Regression coefficient and expression of lncRNA are represented by Coef (i) and Expr (i), respectively. High- and low-risk sets were divided in training, testing, and whole sets, respectively, according to the median risk score for the training set. ROC curves together with C-index were utilized to measure the accuracy of the model with packages “survminer”, “timeROC”, “survival”, “rms” and “pec” [51]. To evaluate model accuracy in forecasting prognosis, nomograms and calibration were plotted with packages “survival”, “regplot”, and “rms”.

4.4. GO, KEGG and GSEA Analysis

GO analysis was performed with packages “colorspace”, “stringi”, “ggplot2”, “circlize”, “RColorBrewer” and “ggpubr” to demonstrate the DEGs of high- and low-risk sets [52]. KEGG analysis was carried out with packages “BiocManager”, “org.Hs.eg.db”, “DOSE”, “clusterProfiler”, “enrichplot” and “ComplexHeatmap” to reveal the pathways associated with high- and low-risk sets [53,54,55]. GSEA analysis was performed with packages “org.Hs.eg.db”, “limma”, “clusterProfiler” and “enrichplot” to further identify the enriched pathways in different sets.

4.5. Tumor Mutation Burden (TMB) and Immune Dysfunction and Exclusion (TIDE) Analysis

The package “maftools” was utilized to analyze the differences in TMB between the high- and low-risk sets. Scoring file for TIDE was downloaded from the website (http://tide.dfci.harvard.edu, (accessed on 15 October 2022)) [56].

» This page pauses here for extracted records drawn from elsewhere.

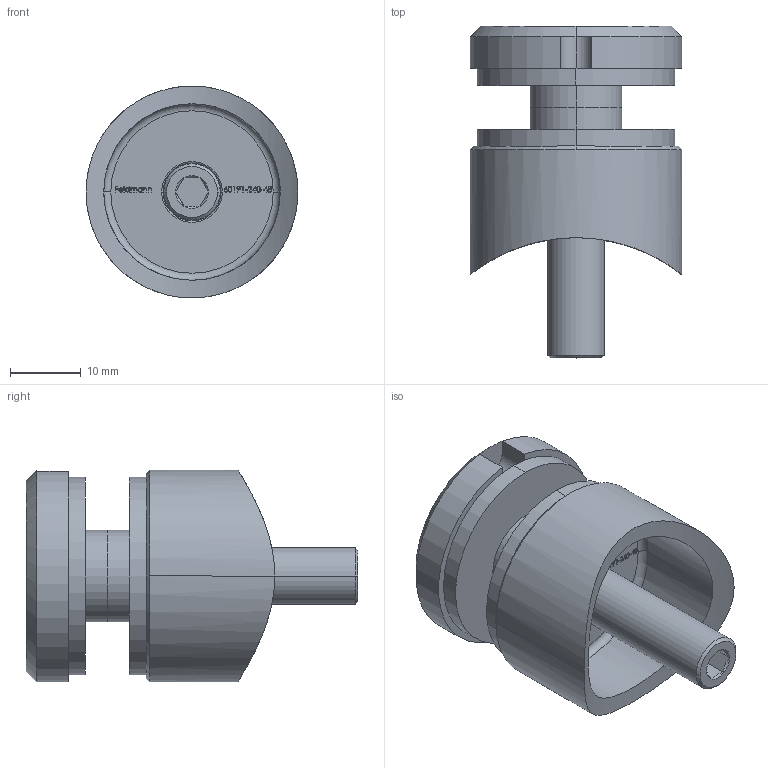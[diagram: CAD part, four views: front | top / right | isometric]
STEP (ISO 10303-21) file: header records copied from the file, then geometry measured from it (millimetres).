
FILE_DESCRIPTION (( 'STEP AP203' ), '1' );
FILE_NAME ('60191-240-48.STEP', '2021-07-12T10:00:46', ( '' ), ( '' ), 'SwSTEP 2.0', 'SolidWorks 2018', '' );
FILE_SCHEMA (( 'CONFIG_CONTROL_DESIGN' ));
Length unit declared in the file: millimetre
Products named in the file (11): 6019X-240 Teil3; 60190-240 Teil1; 60191-240-48; 6019X-240 Teil3_6019X-240 Teil3; 60190-240 Teil2; 60190-240 Teil1_6019X-240 Teil1; DIN913 M8x45_DIN913 M8x45; DIN913 M8x45; 60190-240 Teil2_60191-240-48 Teil2
Assembly tree (6 placements, depth 2):
  6019X-240 Teil3
  60191-240-48
    60190-240 Teil1
  6019X-240 Teil3
  60191-240-48
    60190-240 Teil2_60191-240-48 Teil2
    6019X-240 Teil3_6019X-240 Teil3  x2
    60190-240 Teil1_6019X-240 Teil1
    DIN913 M8x45_DIN913 M8x45
  60190-240 Teil2
Bounding box: 30 x 47 x 30 mm (x, y, z)
Volume: 13676.4 mm3; surface area: 10809.4 mm2
Topology: 5 solids, 5 shells, 340 faces, 847 edges, 559 vertices
Faces by surface type: plane 170, bspline 107, cylinder 35, cone 20, torus 8
Entity records: 17190 total; most frequent: CARTESIAN_POINT 9006, ORIENTED_EDGE 1634, DIRECTION 1143, EDGE_CURVE 817, VERTEX_POINT 537, VECTOR 505, LINE 505, EDGE_LOOP 368
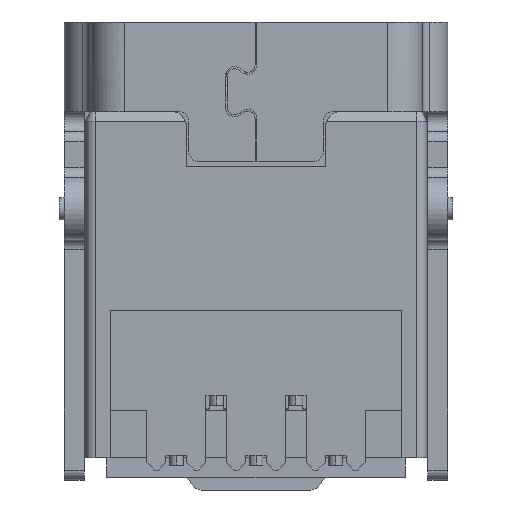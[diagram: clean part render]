
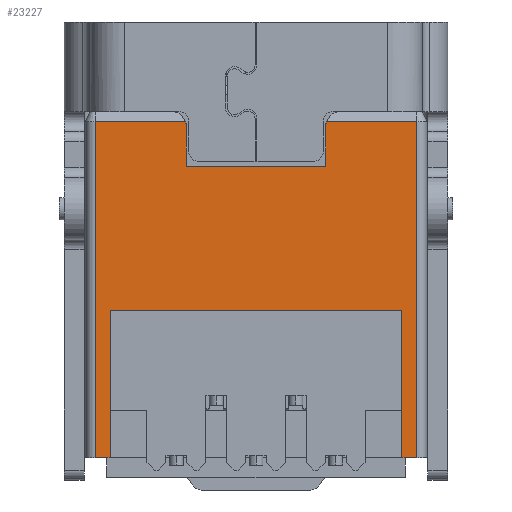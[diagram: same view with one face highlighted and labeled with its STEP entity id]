
A CAD part, front view. The second image highlights one B-rep face of the part: STEP entity #23227.
In plain terms, the highlighted planar face has unit normal (0, -1, 0).
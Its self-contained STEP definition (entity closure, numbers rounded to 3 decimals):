
#3590=DIRECTION('',(1.,0.,0.));
#3591=VECTOR('',#3590,0.3);
#3592=CARTESIAN_POINT('',(-3.23,0.,-0.95));
#3593=LINE('8761',#3592,#3591);
#3606=DIRECTION('',(1.,0.,0.));
#3607=VECTOR('',#3606,0.3);
#3608=CARTESIAN_POINT('',(2.93,0.,-0.95));
#3609=LINE('8765',#3608,#3607);
#5250=DIRECTION('',(-1.,0.,0.));
#5251=VECTOR('',#5250,1.813);
#5252=CARTESIAN_POINT('',(3.23,0.,5.8));
#5253=LINE('8728',#5252,#5251);
#6153=DIRECTION('',(-1.,0.,0.));
#6154=VECTOR('',#6153,1.813);
#6155=CARTESIAN_POINT('',(-1.417,0.,
5.8));
#6156=LINE('8850',#6155,#6154);
#6186=DIRECTION('',(0.,0.,1.));
#6187=VECTOR('',#6186,0.8);
#6188=CARTESIAN_POINT('',(-1.4,0.,4.9));
#6189=LINE('8724',#6188,#6187);
#6190=DIRECTION('',(-1.,0.,0.));
#6191=VECTOR('',#6190,2.8);
#6192=CARTESIAN_POINT('',(1.4,0.,4.9));
#6193=LINE('8725',#6192,#6191);
#6206=CARTESIAN_POINT('',(1.7,0.,5.7));
#6207=DIRECTION('',(0.,1.,0.));
#6208=DIRECTION('',(-1.,0.,0.));
#6209=AXIS2_PLACEMENT_3D('',#6206,#6207,#6208);
#6211=CARTESIAN_POINT('',(-1.7,0.,5.7));
#6212=DIRECTION('',(0.,1.,0.));
#6213=DIRECTION('',(0.943,0.,0.333));
#6214=AXIS2_PLACEMENT_3D('',#6211,#6212,#6213);
#6216=DIRECTION('',(0.,0.,1.));
#6217=VECTOR('',#6216,0.8);
#6218=CARTESIAN_POINT('',(1.4,0.,4.9));
#6219=LINE('8726',#6218,#6217);
#6220=DIRECTION('',(0.,0.,1.));
#6221=VECTOR('',#6220,6.75);
#6222=CARTESIAN_POINT('',(3.23,0.,-0.95));
#6223=LINE('8884',#6222,#6221);
#6277=DIRECTION('',(0.,0.,-1.));
#6278=VECTOR('',#6277,2.95);
#6279=CARTESIAN_POINT('',(2.93,0.,2.));
#6280=LINE('8882',#6279,#6278);
#6317=DIRECTION('',(0.,0.,1.));
#6318=VECTOR('',#6317,2.95);
#6319=CARTESIAN_POINT('',(-2.93,0.,-0.95));
#6320=LINE('8865',#6319,#6318);
#6329=DIRECTION('',(1.,0.,0.));
#6330=VECTOR('',#6329,5.86);
#6331=CARTESIAN_POINT('',(-2.93,0.,2.));
#6332=LINE('8722',#6331,#6330);
#6414=DIRECTION('',(0.,0.,-1.));
#6415=VECTOR('',#6414,6.75);
#6416=CARTESIAN_POINT('',(-3.23,0.,5.8));
#6417=LINE('8723',#6416,#6415);
#12179=CARTESIAN_POINT('',(1.4,0.,5.7));
#12180=VERTEX_POINT('',#12179);
#12181=CARTESIAN_POINT('',(1.417,0.,5.8));
#12182=VERTEX_POINT('',#12181);
#12183=CARTESIAN_POINT('',(1.4,0.,4.9));
#12184=VERTEX_POINT('',#12183);
#12185=CARTESIAN_POINT('',(-2.93,0.,2.));
#12186=CARTESIAN_POINT('',(2.93,0.,2.));
#12187=VERTEX_POINT('',#12185);
#12188=VERTEX_POINT('',#12186);
#12189=CARTESIAN_POINT('',(-3.23,0.,5.8));
#12190=CARTESIAN_POINT('',(-3.23,0.,-0.95));
#12191=VERTEX_POINT('',#12189);
#12192=VERTEX_POINT('',#12190);
#12193=CARTESIAN_POINT('',(-1.4,0.,4.9));
#12194=CARTESIAN_POINT('',(-1.4,0.,5.7));
#12195=VERTEX_POINT('',#12193);
#12196=VERTEX_POINT('',#12194);
#12197=CARTESIAN_POINT('',(3.23,0.,5.8));
#12198=VERTEX_POINT('',#12197);
#12243=CARTESIAN_POINT('',(-2.93,0.,-0.95));
#12244=VERTEX_POINT('',#12243);
#12245=CARTESIAN_POINT('',(2.93,0.,-0.95));
#12246=CARTESIAN_POINT('',(3.23,0.,-0.95));
#12247=VERTEX_POINT('',#12245);
#12248=VERTEX_POINT('',#12246);
#12306=CARTESIAN_POINT('',(-1.417,0.,
5.8));
#12307=VERTEX_POINT('',#12306);
#23200=CARTESIAN_POINT('',(0.,0.,2.425));
#23201=DIRECTION('',(0.,1.,0.));
#23202=DIRECTION('',(1.,0.,0.));
#23203=AXIS2_PLACEMENT_3D('',#23200,#23201,#23202);
#23204=PLANE('10806',#23203);
#23205=ORIENTED_EDGE('8720',*,*,#21962,.T.);
#23206=ORIENTED_EDGE('8728',*,*,#21980,.F.);
#23208=ORIENTED_EDGE('8884',*,*,#23207,.F.);
#23209=ORIENTED_EDGE('8765',*,*,#20015,.F.);
#23211=ORIENTED_EDGE('8882',*,*,#23210,.F.);
#23213=ORIENTED_EDGE('8722',*,*,#23212,.F.);
#23215=ORIENTED_EDGE('8865',*,*,#23214,.F.);
#23216=ORIENTED_EDGE('8761',*,*,#19995,.F.);
#23218=ORIENTED_EDGE('8723',*,*,#23217,.F.);
#23219=ORIENTED_EDGE('8850',*,*,#23149,.F.);
#23220=ORIENTED_EDGE('8852',*,*,#23166,.T.);
#23221=ORIENTED_EDGE('8724',*,*,#23181,.F.);
#23222=ORIENTED_EDGE('8725',*,*,#23191,.F.);
#23224=ORIENTED_EDGE('8726',*,*,#23223,.T.);
#23225=EDGE_LOOP('10806',(#23205,#23206,#23208,#23209,#23211,#23213,#23215,
#23216,#23218,#23219,#23220,#23221,#23222,#23224));
#23226=FACE_OUTER_BOUND('10806',#23225,.F.);
#23227=ADVANCED_FACE('10806',(#23226),#23204,.F.);
#6210=CIRCLE('8720',#6209,0.3);
#6215=CIRCLE('8852',#6214,0.3);
#19995=EDGE_CURVE('8761',#12192,#12244,#3593,.T.);
#20015=EDGE_CURVE('8765',#12247,#12248,#3609,.T.);
#21962=EDGE_CURVE('8720',#12180,#12182,#6210,.T.);
#21980=EDGE_CURVE('8728',#12198,#12182,#5253,.T.);
#23149=EDGE_CURVE('8850',#12307,#12191,#6156,.T.);
#23166=EDGE_CURVE('8852',#12307,#12196,#6215,.T.);
#23181=EDGE_CURVE('8724',#12195,#12196,#6189,.T.);
#23191=EDGE_CURVE('8725',#12184,#12195,#6193,.T.);
#23207=EDGE_CURVE('8884',#12248,#12198,#6223,.T.);
#23210=EDGE_CURVE('8882',#12188,#12247,#6280,.T.);
#23212=EDGE_CURVE('8722',#12187,#12188,#6332,.T.);
#23214=EDGE_CURVE('8865',#12244,#12187,#6320,.T.);
#23217=EDGE_CURVE('8723',#12191,#12192,#6417,.T.);
#23223=EDGE_CURVE('8726',#12184,#12180,#6219,.T.);
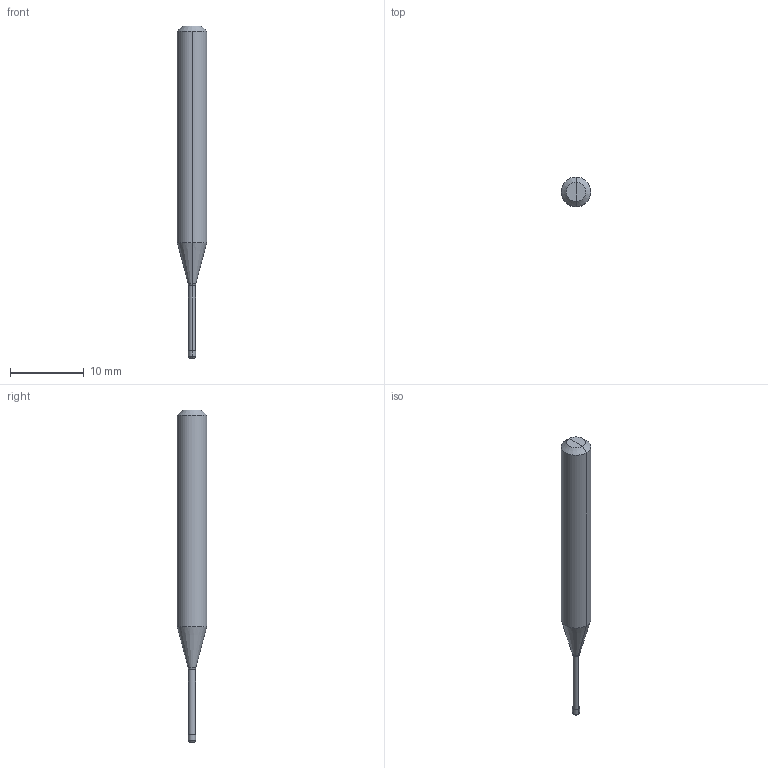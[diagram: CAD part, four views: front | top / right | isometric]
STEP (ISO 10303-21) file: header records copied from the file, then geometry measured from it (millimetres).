
FILE_DESCRIPTION((''),'2;1');
FILE_NAME('8557710_iso','',('ISBE GmbH'),('ISBE GmbH'), 'ISBE STEP IO v1.1','originating_system','authorisation');
FILE_SCHEMA(('AUTOMOTIVE_DESIGN { 1 2 10303 214 0 1 1 1 }'));
Length unit declared in the file: millimetre
Products named in the file (4): CUT0; NOCUT0; RootObj; WIRE
Assembly tree (2 placements, depth 2):
  RootObj
    CUT0
    NOCUT0
  WIRE
Bounding box: 4 x 4 x 45 mm (x, y, z)
Volume: 404.6 mm3; surface area: 453.8 mm2
Topology: 2 solids, 2 shells, 22 faces, 43 edges, 28 vertices
Faces by surface type: plane 8, cylinder 6, revolution 4, cone 4
Entity records: 1228 total; most frequent: DIRECTION 206, CARTESIAN_POINT 183, LINE 92, VECTOR 92, ORIENTED_EDGE 80, PCURVE 80, DEFINITIONAL_REPRESENTATION 80, AXIS2_PLACEMENT_3D 51
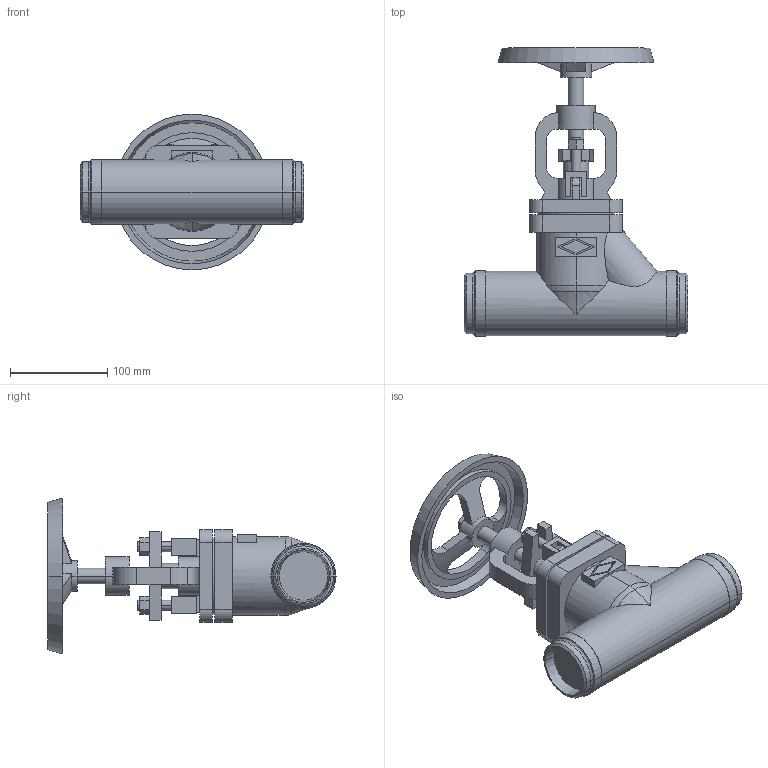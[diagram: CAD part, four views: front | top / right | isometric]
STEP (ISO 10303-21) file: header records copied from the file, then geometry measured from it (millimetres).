
FILE_DESCRIPTION(('OneSpaceDesigner STEP Export'),'2;1');
FILE_NAME('c000001362.stp','2005-01-14T 9:46:47',(''),(''),'OneSpace Designer STEP processor (Jan. 2003) for AP203(Solid Model)','OneSpace Designer 12.01D 09-Jul-2004 (C) CoCreate Software GmbH','');
FILE_SCHEMA(('CONFIG_CONTROL_DESIGN'));
Length unit declared in the file: millimetre
Products named in the file (1): 1
Bounding box: 230 x 296.02 x 160 mm (x, y, z)
Volume: 1638794.3 mm3; surface area: 184782.9 mm2
Topology: 1 solids, 1 shells, 246 faces, 633 edges, 409 vertices
Faces by surface type: plane 124, cylinder 80, cone 34, torus 8
Entity records: 7457 total; most frequent: CARTESIAN_POINT 1752, ORIENTED_EDGE 1266, DIRECTION 1060, EDGE_CURVE 633, VERTEX_POINT 409, VECTOR 364, LINE 364, AXIS2_PLACEMENT_3D 348
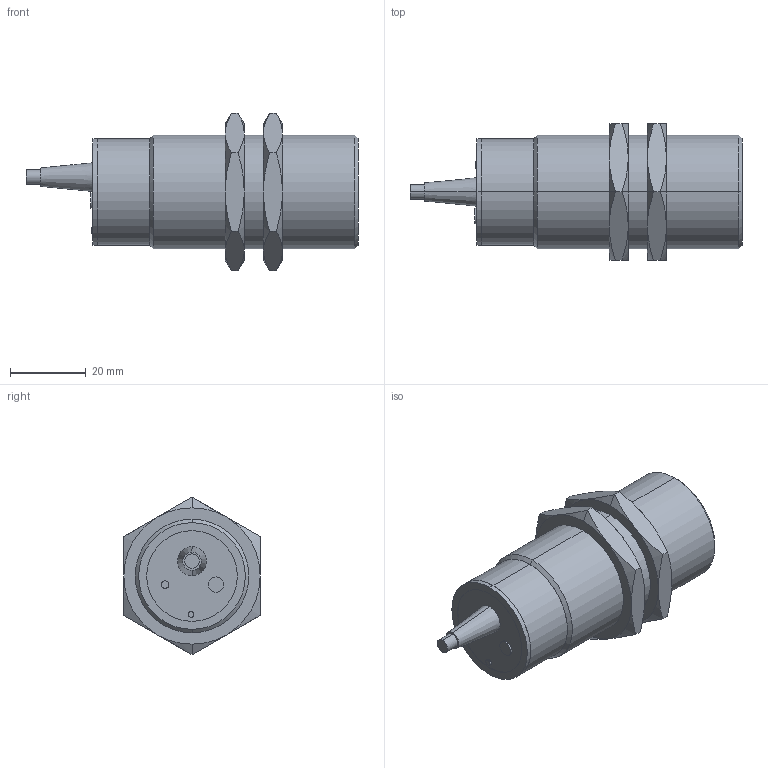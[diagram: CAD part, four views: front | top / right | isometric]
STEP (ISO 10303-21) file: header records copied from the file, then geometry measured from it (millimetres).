
FILE_DESCRIPTION(('starvars output'),'2;1');
FILE_NAME('cv20200403081207000009313.stp','08:12:08 2020/04/03',( 'Thomas Industrial Network Germany GmbH'),( 'Thomas Industrial Network Germany GmbH'),'unknown preprocess','ACIS' ,'unknown authorization');
FILE_SCHEMA(('AUTOMOTIVE_DESIGN_CC2 {UNKNOWN IMPLEMENTATION LEVEL}'));
Length unit declared in the file: millimetre
Products named in the file (1): PRODUCT_ID_1
Bounding box: 87.65 x 36 x 41.57 mm (x, y, z)
Volume: 52490 mm3; surface area: 9925.2 mm2
Topology: 3 solids, 3 shells, 86 faces, 174 edges, 104 vertices
Faces by surface type: cone 38, plane 28, cylinder 20
Entity records: 2461 total; most frequent: CARTESIAN_POINT 364, ORIENTED_EDGE 348, DIRECTION 186, EDGE_CURVE 174, VERTEX_POINT 104, EDGE_LOOP 96, FACE_BOUND 96, ADVANCED_FACE 86

4.6. Tumor Microenvironment (TME) Analysis

For low- and high-risk sets, violin plots were created with the packages “limma” and “vioplot”, showing the percentage of 22 types of tumor-infiltrating immune cells. We utilized packages “limma”, “reshape2”, “tidyverse”, “ggplot2”, “ggpubr” and “ggExtra” to survey the correlation among risk score, infiltrating immune cells and immune checkpoints. The heat map exhibited the difference of immune-related functions for the low- and high-risk sets, which was plotted with packages “limma”, “GSVA”, “GSEABase”, “pheatmap” and “reshape2”. Furthermore, the IC50 values of drugs available for treating pRCC in high-risk and low-risk sets were predicted by pRRophetic.

4.7. External Dataset Validation

CRLs were tested for prognostic value using a KM plotter database (https://kmplot.com/analysis/ (accessed on 15 October 2022)). Auto selecting best cutoff was utilized to split patients.

5. Conclusions

Overall, a novel prognostic model based on five CRLs was developed for pRCC patients. The features were correlated with the immune microenvironment, immune checkpoints and immunotherapy. The findings will contribute to a better understanding of the underlying mechanisms of pRCC emergence and progression, which provide a potential strategy to treat pRCC by the combination of cuproptosis and immunotherapy.